From my observing in the Namibia space an understanding of how this and thus other sand deserts have come to be:
In nature moving is what sorts, the big from the small and this is exactly what flowing wter masses do.
The detritus moved by flowing rivers, more markedly observable in perrennials, is sorted by the flowing water masses according to their grain size and depositted in that configuration when the flowing waters flow out from the spaces between the grains.
The large sand deserts are such detritus deposited by flowing water masses: “Washed clean” of swmaller organic material, one big collection of homogenous grain size sand particles.
The spacing in this homogenous grain size conglomerate cannot retain water, it simply drains down into the earth, away. No plants grow and no organic matters is formed to fill those gaps. therefore the desert stays deserted.
Each and every year this phenomenon repeats in the dry riverbeds of Namibia when rainfall inundates the perennials, the water flowing quickly and sorting the detritus, leaving behind swathes of homogenous grain size collections, and where these are sand, typically in the stream middle, no water is kept, no plants grow and that area always stays dry.
The size of the mountainous deposits of sand in the large deserts is an indication of the amount of water that must have flown here to achieve this scale of deposition.

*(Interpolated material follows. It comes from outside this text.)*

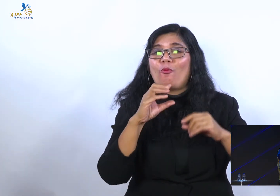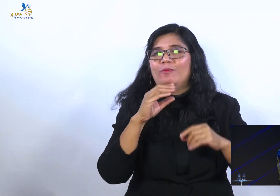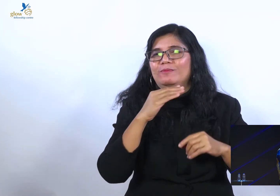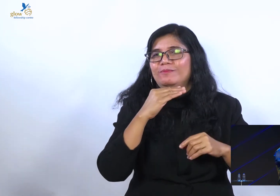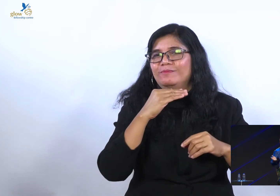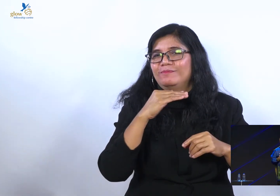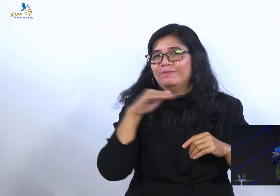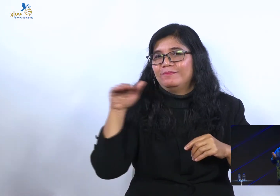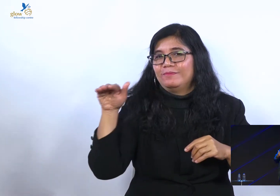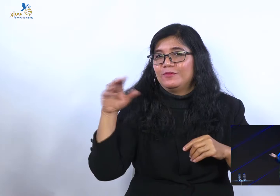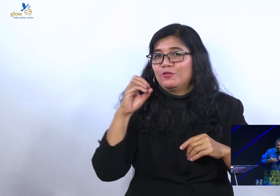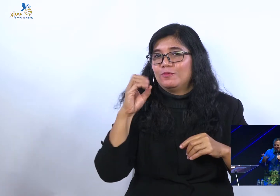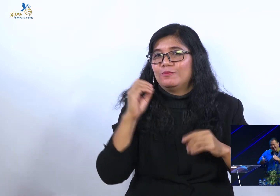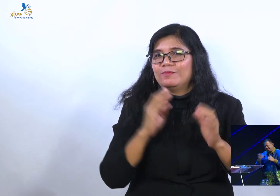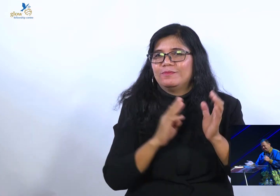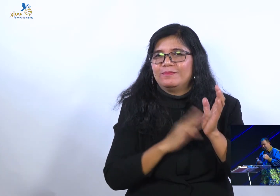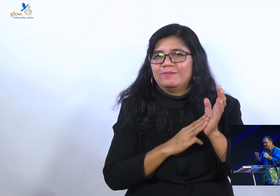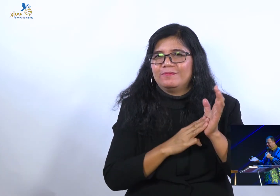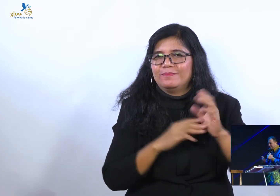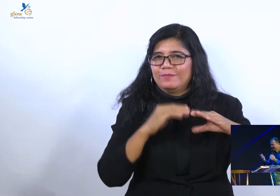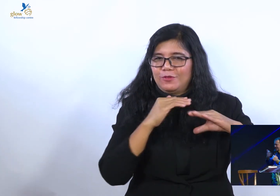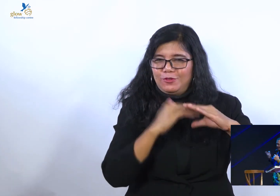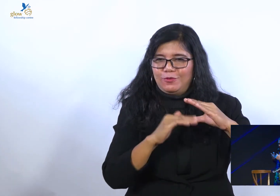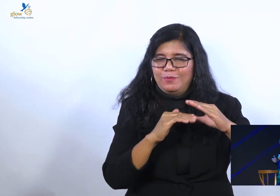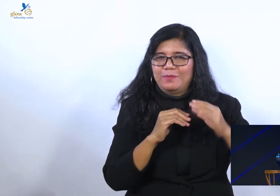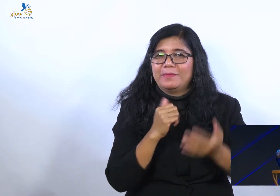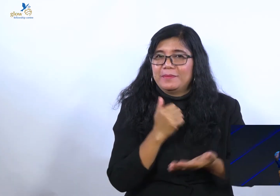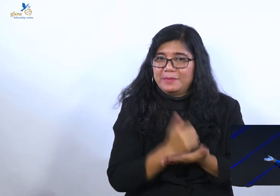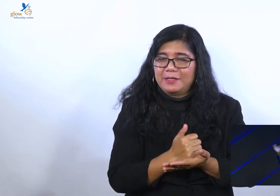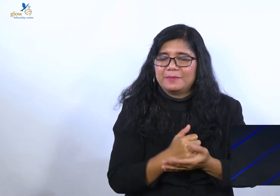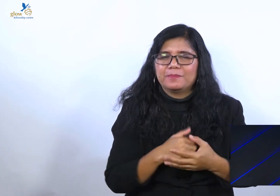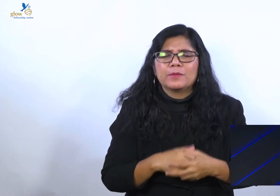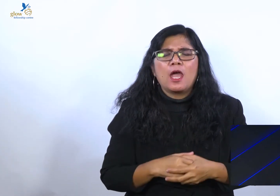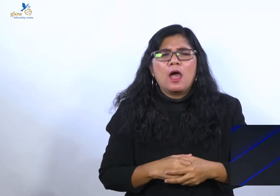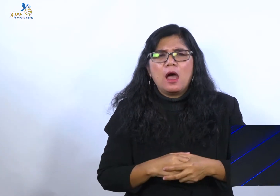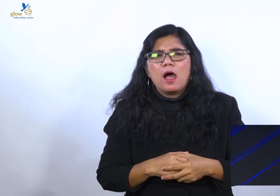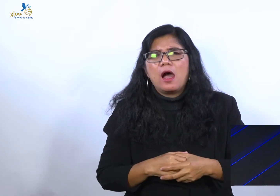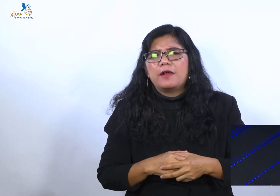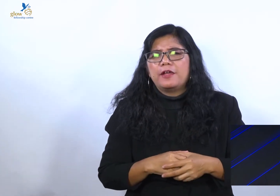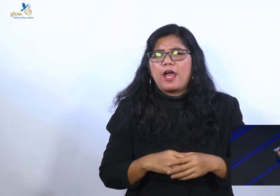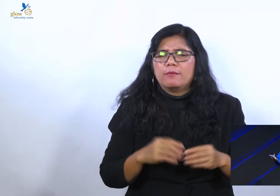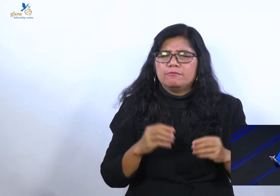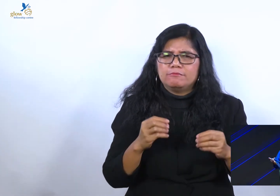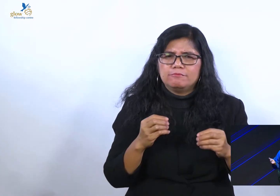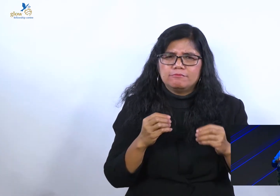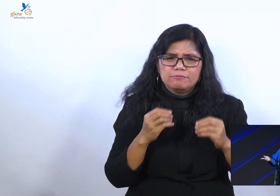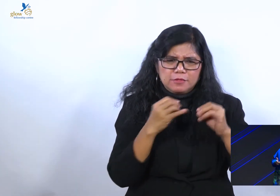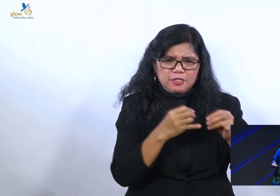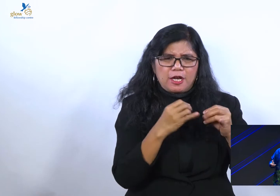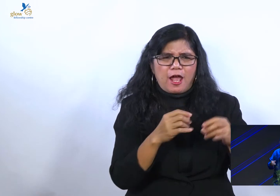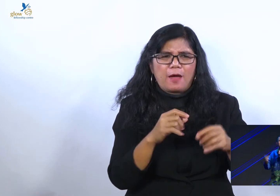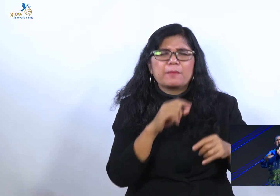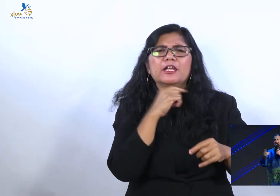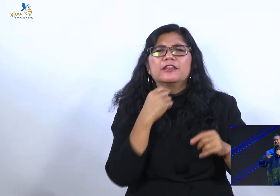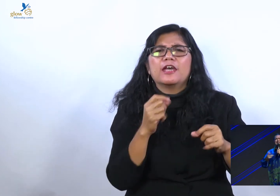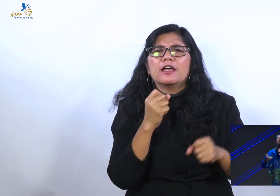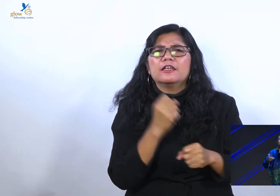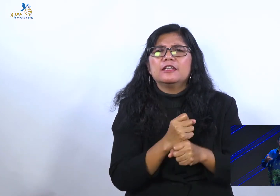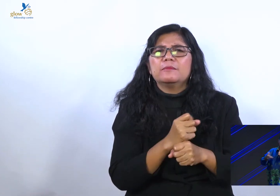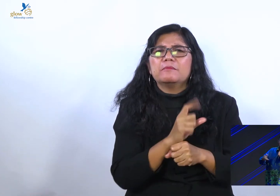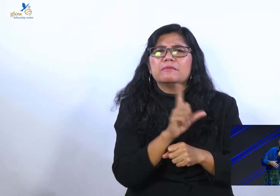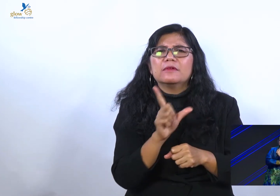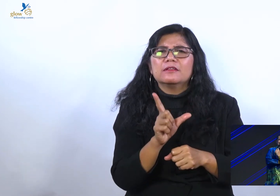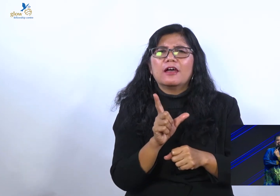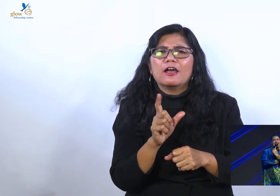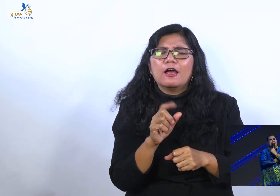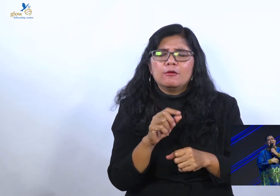sama lainnya. Saya kalau ada masalah sama hamba Tuhan atau apapun. Ada yang nyerang saya dan saya kenal. Saya telepon. Saya cari nomor teleponnya. Kita

Should follow the notion that these sands have been deposited over aeons by winds, i.e., are aeolian, look at this:
the deposits of sands in the Namib, when viewed from 9000m above ground level are identical to those found, at smaller scale, in the perennials after each new run-off. Also where they lie indicate water as the causative, not wind. wind deposits sands behind and on hindrances, flowing water deposits sands between hindrances – there is always a small gap between water borne and hindrance.